▸ Work instructions
Please return exactly the lines below that run from the line with "18.614L26.665 28.5C25.864 29.301" through the end of the listing, both included, but not the pictures.

· · · ·

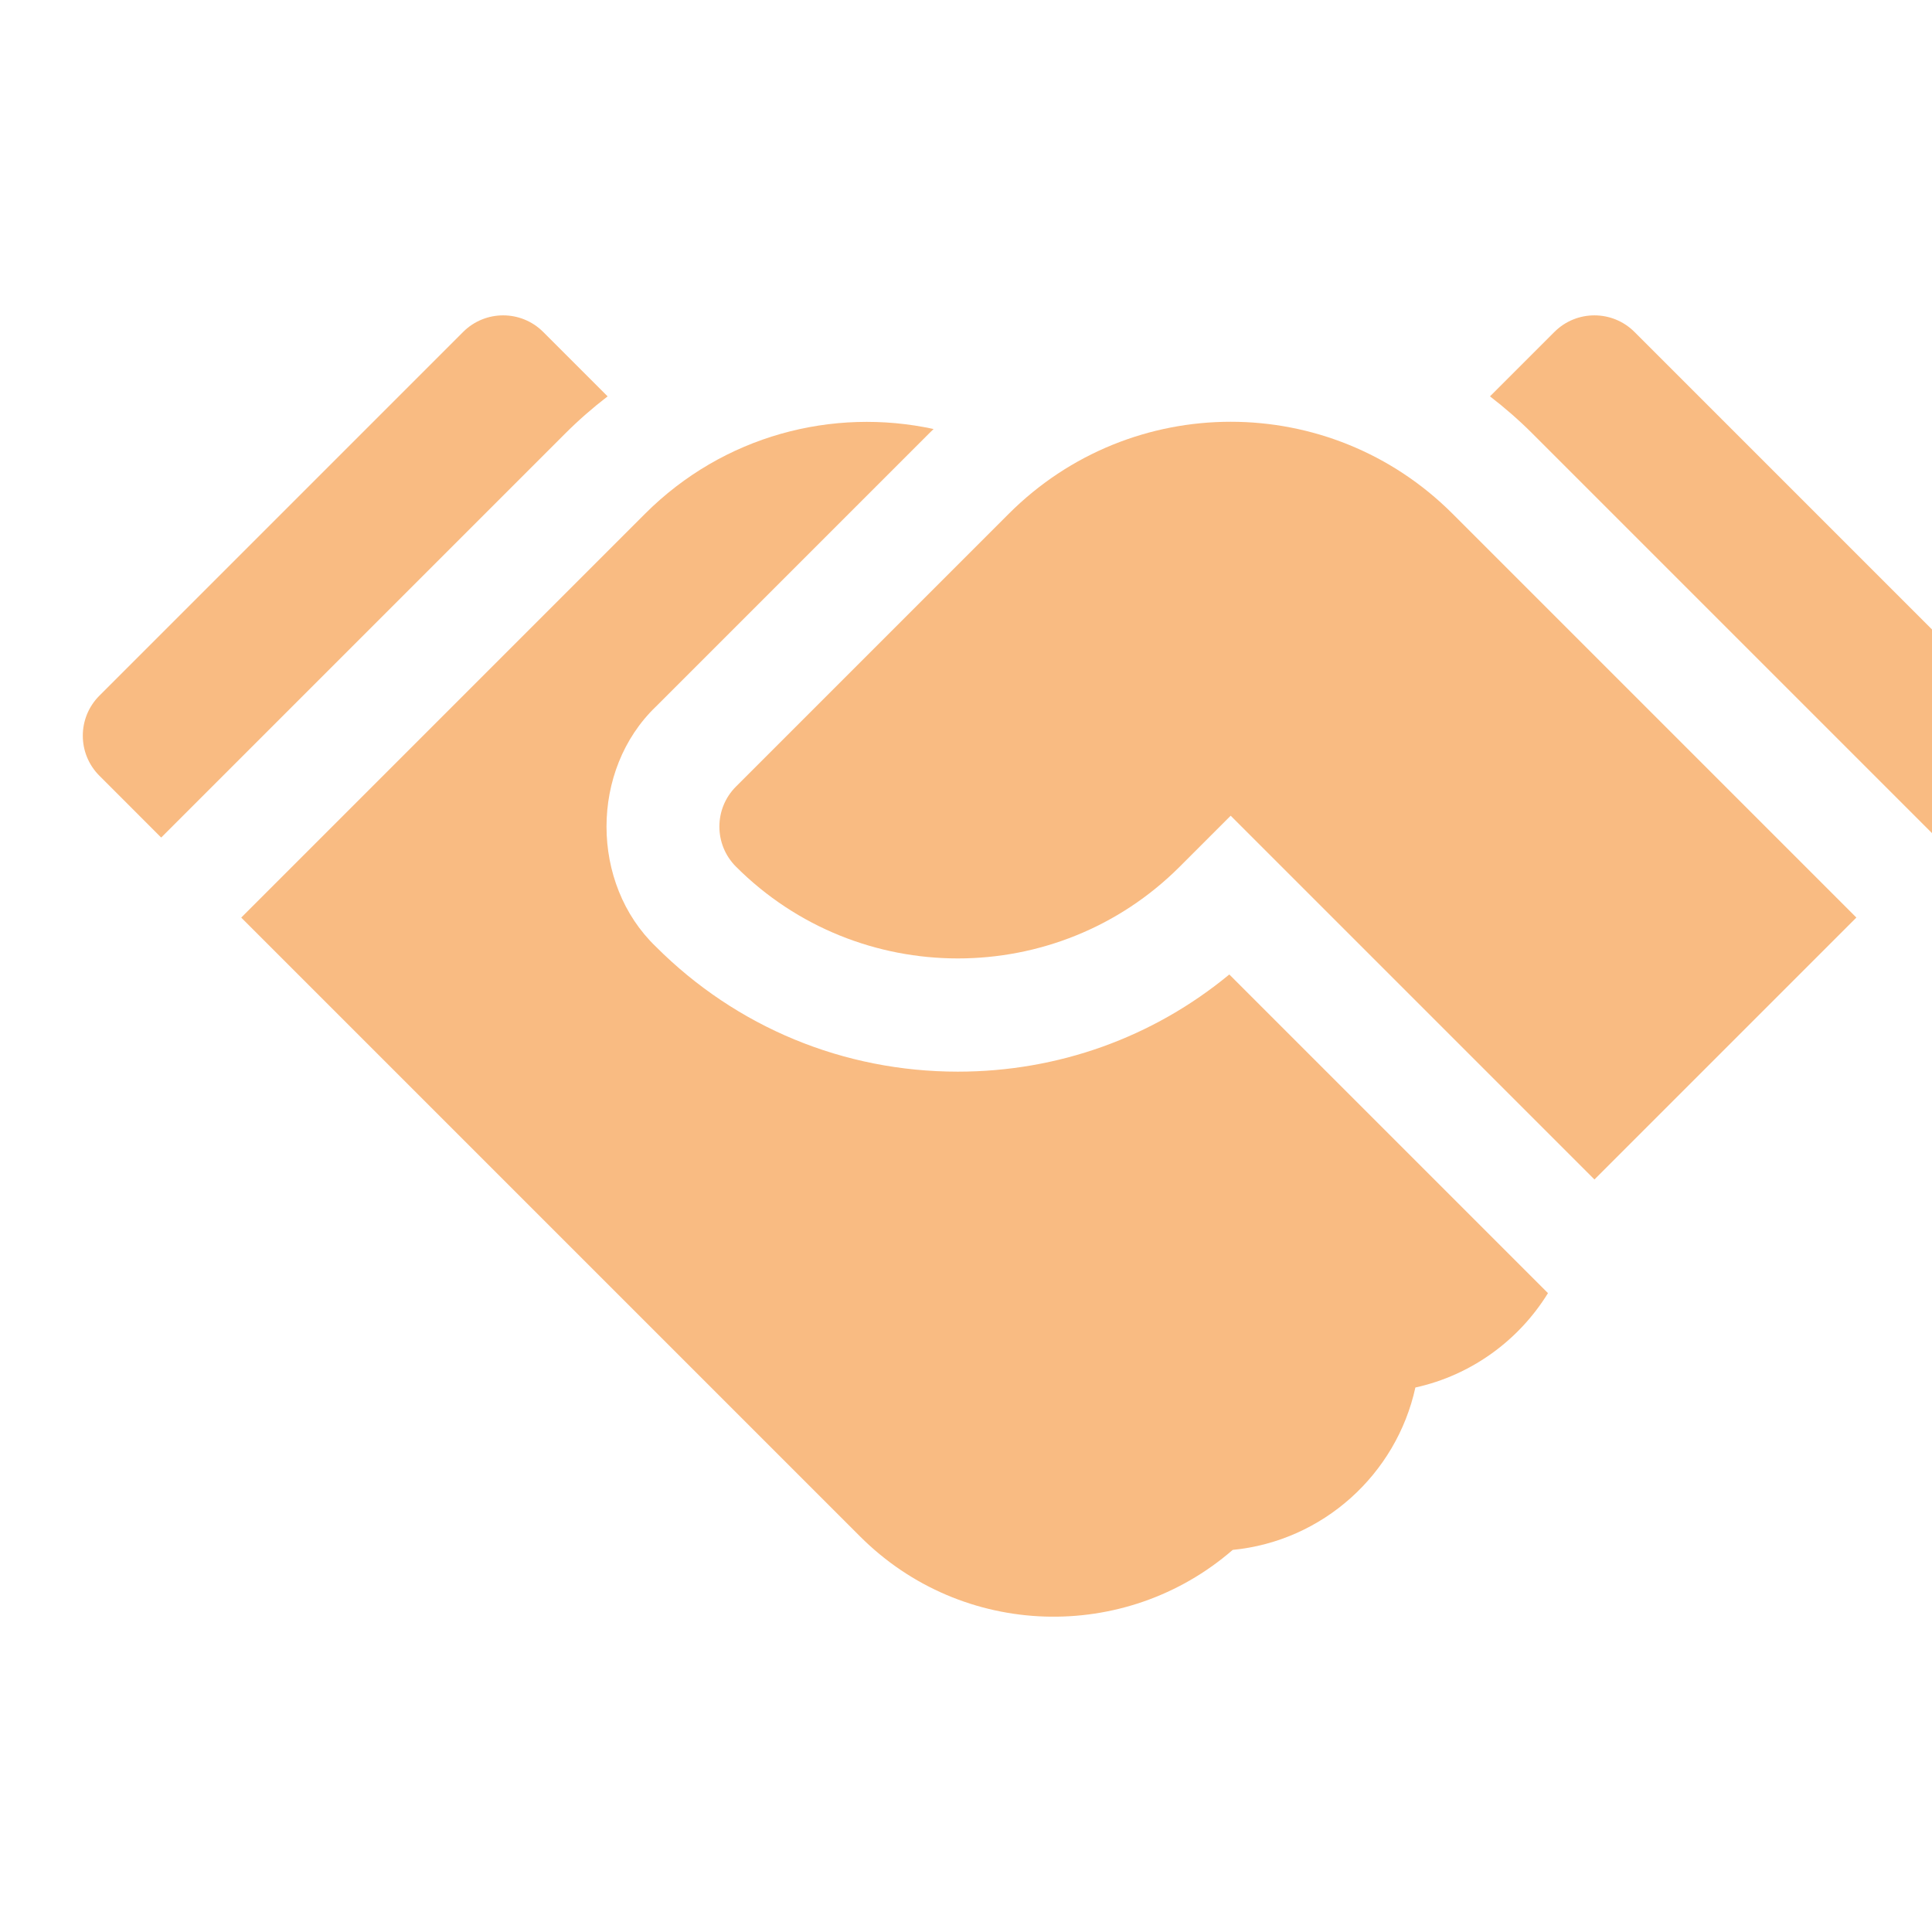 <svg width="70" height="70" viewBox="0 0 70 70" fill="none" xmlns="http://www.w3.org/2000/svg">
<g clip-path="url(#clip0_8837_26330)">
<path d="M22.015 14.361L19.681 12.027C18.88 11.226 17.581 11.226 16.78 12.027L3.601 25.206C2.8 26.007 2.8 27.305 3.601 28.106L5.84 30.346L20.471 15.715C20.96 15.226 21.476 14.775 22.015 14.361Z" fill="#F9BB82"/>
<path d="M34.705 38.828C30.569 38.828 26.684 37.221 23.766 34.302C21.379 32.013 21.378 27.89 23.765 25.601L33.651 15.715C33.709 15.657 33.767 15.601 33.825 15.544C30.176 14.753 26.213 15.773 23.371 18.615L8.74 33.246L31.164 55.67C34.873 59.379 40.773 59.533 44.663 56.156C47.931 55.837 50.593 53.419 51.282 50.272C53.307 49.828 55.03 48.566 56.086 46.853L44.54 35.307C41.779 37.587 38.339 38.828 34.705 38.828Z" fill="#F9BB82"/>
<path d="M72.399 25.206L59.22 12.027C58.419 11.226 57.12 11.226 56.319 12.027L53.985 14.361C54.524 14.775 55.04 15.226 55.529 15.715L70.16 30.346L72.399 28.106C73.2 27.306 73.2 26.007 72.399 25.206Z" fill="#F9BB82"/>
<path d="M36.551 18.614L26.665 28.5C25.864 29.301 25.865 30.6 26.666 31.401C31.099 35.834 38.311 35.834 42.744 31.401L44.59 29.555L57.77 42.735L67.26 33.245L52.629 18.614C48.182 14.167 40.991 14.174 36.551 18.614Z" fill="#F9BB82"/>
</g>
<defs>
<clipPath id="clip0_8837_26330">
<rect width="70" height="70" fill="white"/>
</clipPath>
</defs>
</svg>
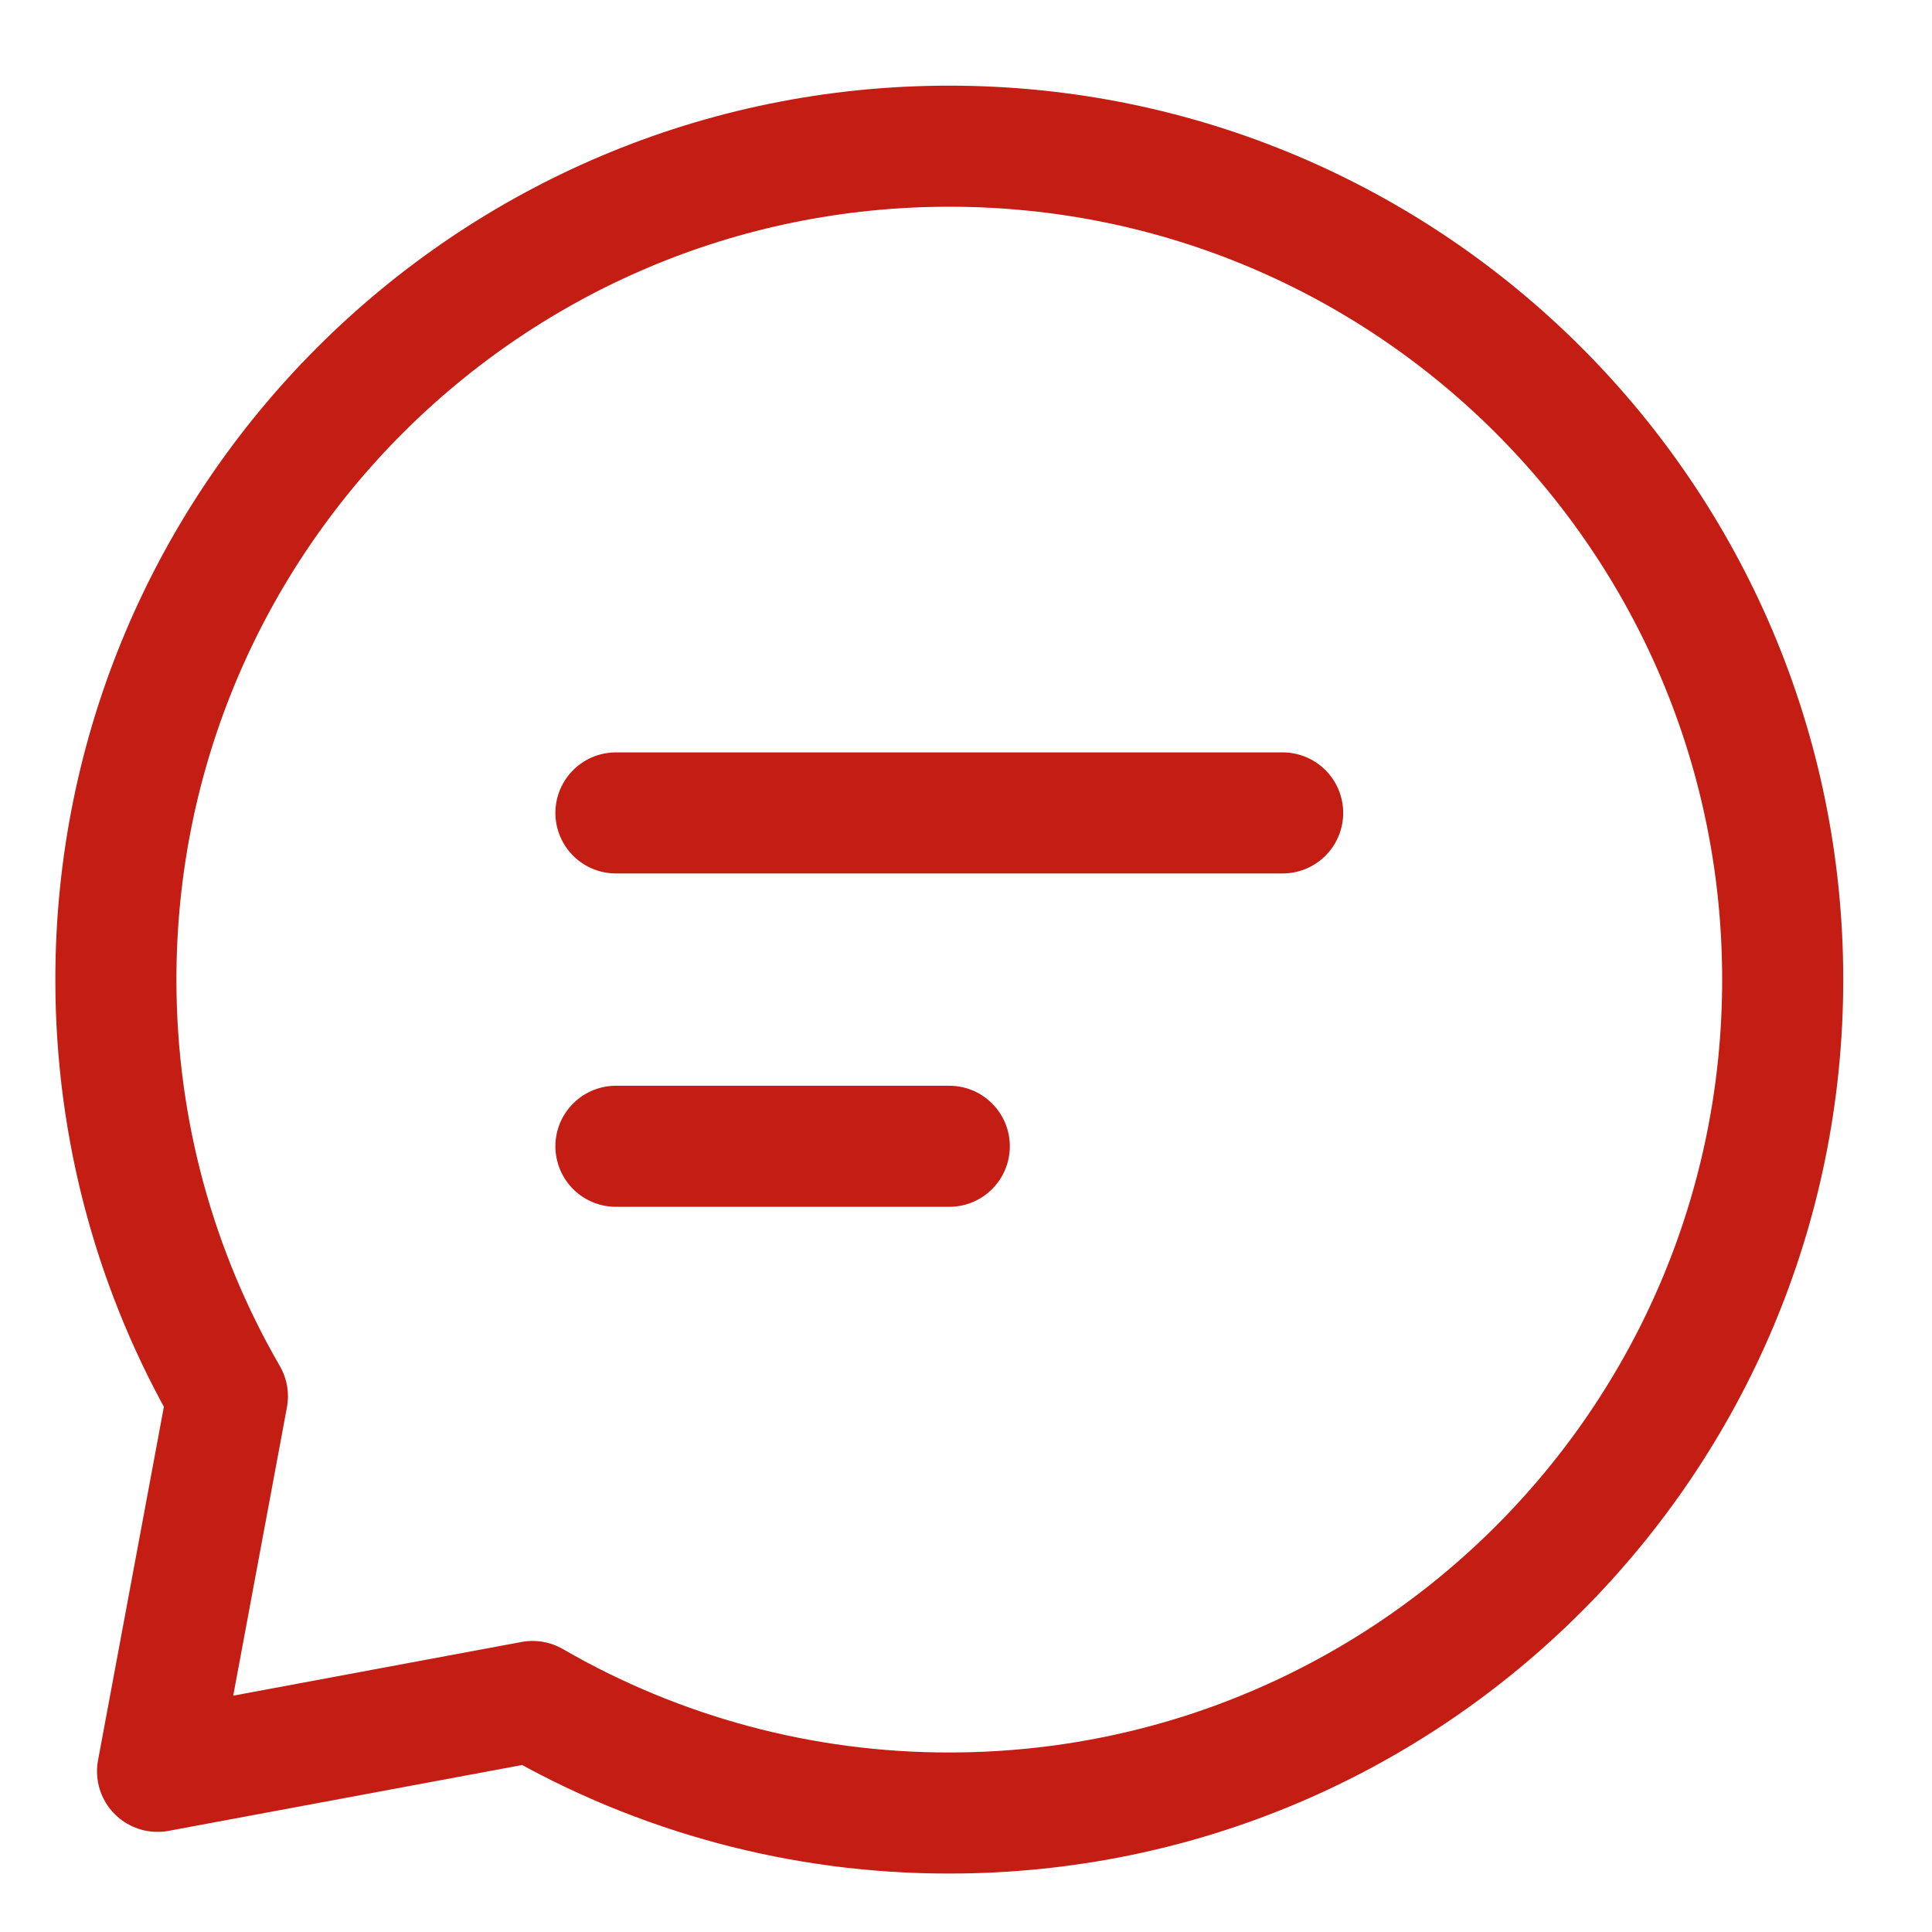 <svg width="51" height="51" viewBox="0 0 51 51" fill="none" xmlns="http://www.w3.org/2000/svg">
<path d="M16.259 21.459H33.859M16.259 30.259H25.059M25.059 47.859C37.21 47.859 47.059 38.01 47.059 25.859C47.059 13.708 37.21 3.859 25.059 3.859C12.909 3.859 3.059 13.708 3.059 25.859C3.059 29.865 4.131 33.625 6.003 36.859L4.159 46.759L14.059 44.915C17.403 46.849 21.197 47.864 25.059 47.859Z" stroke="#C41D14" stroke-width="3.196" stroke-linecap="round" stroke-linejoin="round"/>
</svg>

· · · ·

▸ Exercise output
<path d="M36.551 18.614L26.665 28.5C25.864 29.301 25.865 30.6 26.666 31.401C31.099 35.834 38.311 35.834 42.744 31.401L44.59 29.555L57.77 42.735L67.26 33.245L52.629 18.614C48.182 14.167 40.991 14.174 36.551 18.614Z" fill="#F9BB82"/>
</g>
<defs>
<clipPath id="clip0_8837_26330">
<rect width="70" height="70" fill="white"/>
</clipPath>
</defs>
</svg>
 <svg width="51" height="51" viewBox="0 0 51 51" fill="none" xmlns="http://www.w3.org/2000/svg">
<path d="M16.259 21.459H33.859M16.259 30.259H25.059M25.059 47.859C37.21 47.859 47.059 38.01 47.059 25.859C47.059 13.708 37.21 3.859 25.059 3.859C12.909 3.859 3.059 13.708 3.059 25.859C3.059 29.865 4.131 33.625 6.003 36.859L4.159 46.759L14.059 44.915C17.403 46.849 21.197 47.864 25.059 47.859Z" stroke="#C41D14" stroke-width="3.196" stroke-linecap="round" stroke-linejoin="round"/>
</svg>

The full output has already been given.